Ppt1 activity is predictive of lipofuscin formation
Ppt1 protein exhibited significant increases with age in WT and was expectedly absent in Ppt1^−/−^ brains (Fig. 5A and Fig. 5B). However, this increase in Ppt1 protein was not accompanied by an increase in activity. At the level of the total brain, Ppt1 activity exhibited a modest decline with age (Fig. 5C), while examinations of specific enzymatic activity (accounting for Ppt1 protein levels) revealed a significant progressive decline with age (Fig. 5D). These data suggest that Ppt1 enzyme deficiency may also contribute to lipofuscin formation in WT brain.

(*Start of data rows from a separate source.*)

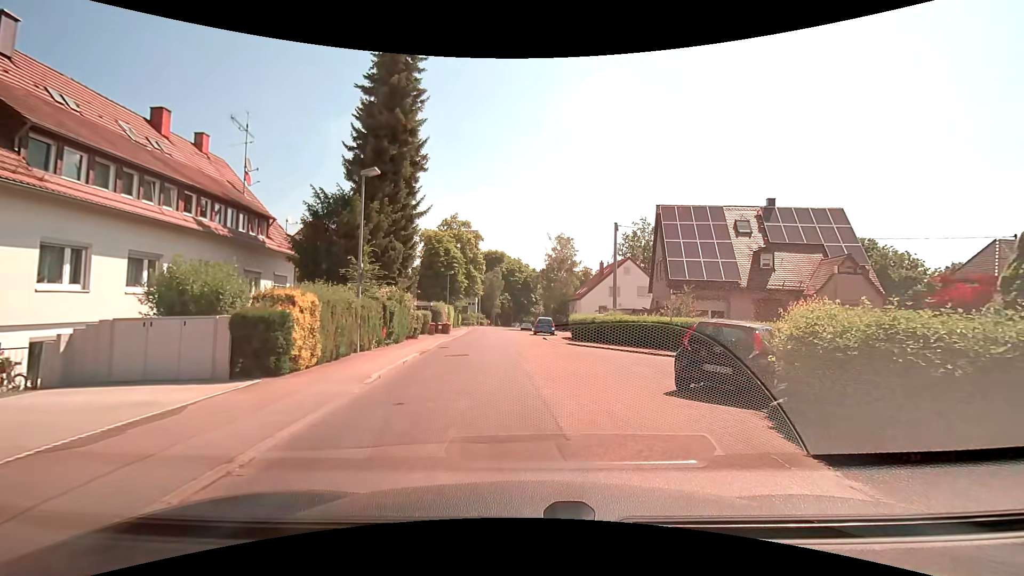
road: residential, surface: asphalt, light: Day
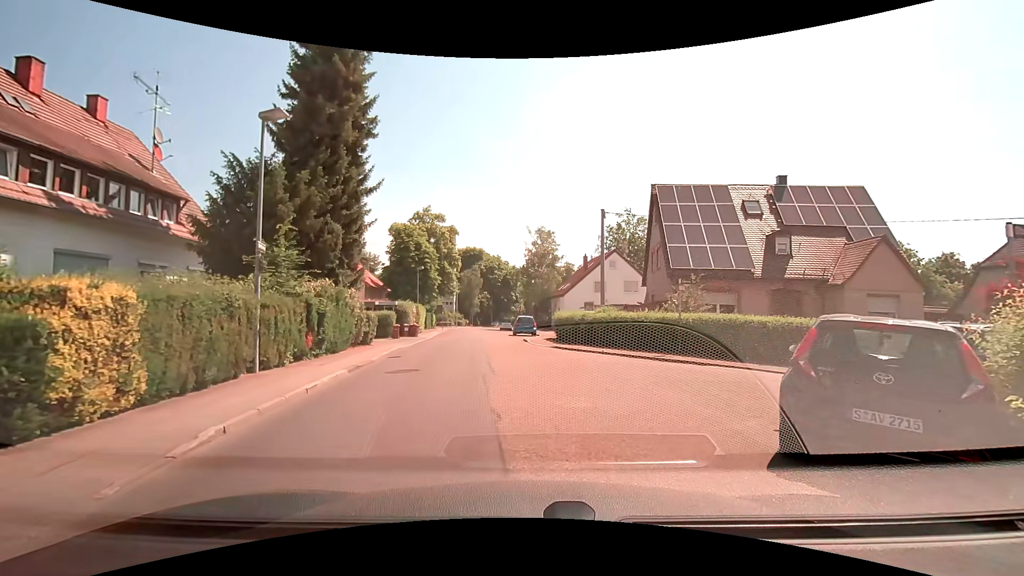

To evaluate if Ppt1 specific activity is a determinant of lipofuscin load independent of age, we quantified lipofuscin in WT and Ppt1^+/−^ (heterozygous mice) at 4 months of age with the QUINT pipeline. We hypothesized Ppt1^+/−^ brains would exhibit partial Ppt1 activity and thus intermediate lipofuscin load between the WT and KO models. We found that in this holdout validation of our line-of-best-fit (Fig. 1C) with 4-month-old WT, age was an accurate predictor of brain lipofuscin load, with measured load values varying by just 1.1% (Fig. 5E). Surprisingly, we found that 4-month-old Ppt1^+/−^ mice had very similar loads to 4month-old WT (Fig. 5E). We thus examined Ppt1 protein levels and enzyme activity in 4-month-old animals of each genotype. Although Ppt1^+/−^ mice had 58% Ppt1 protein compared to WT (Fig. 5F and Fig. 5G), total Ppt1 enzyme activity was not significantly different (Fig. 5H). The resulting increase in Ppt1 specific activity (Fig. 5I), implicates genetic compensation in response to Ppt1 heterozygosity. Together, these data indicate that Ppt1 enzyme activity level, distinct from Ppt1 protein level, is a strong negative predictor of lipofuscin formation, independent of age-related factors.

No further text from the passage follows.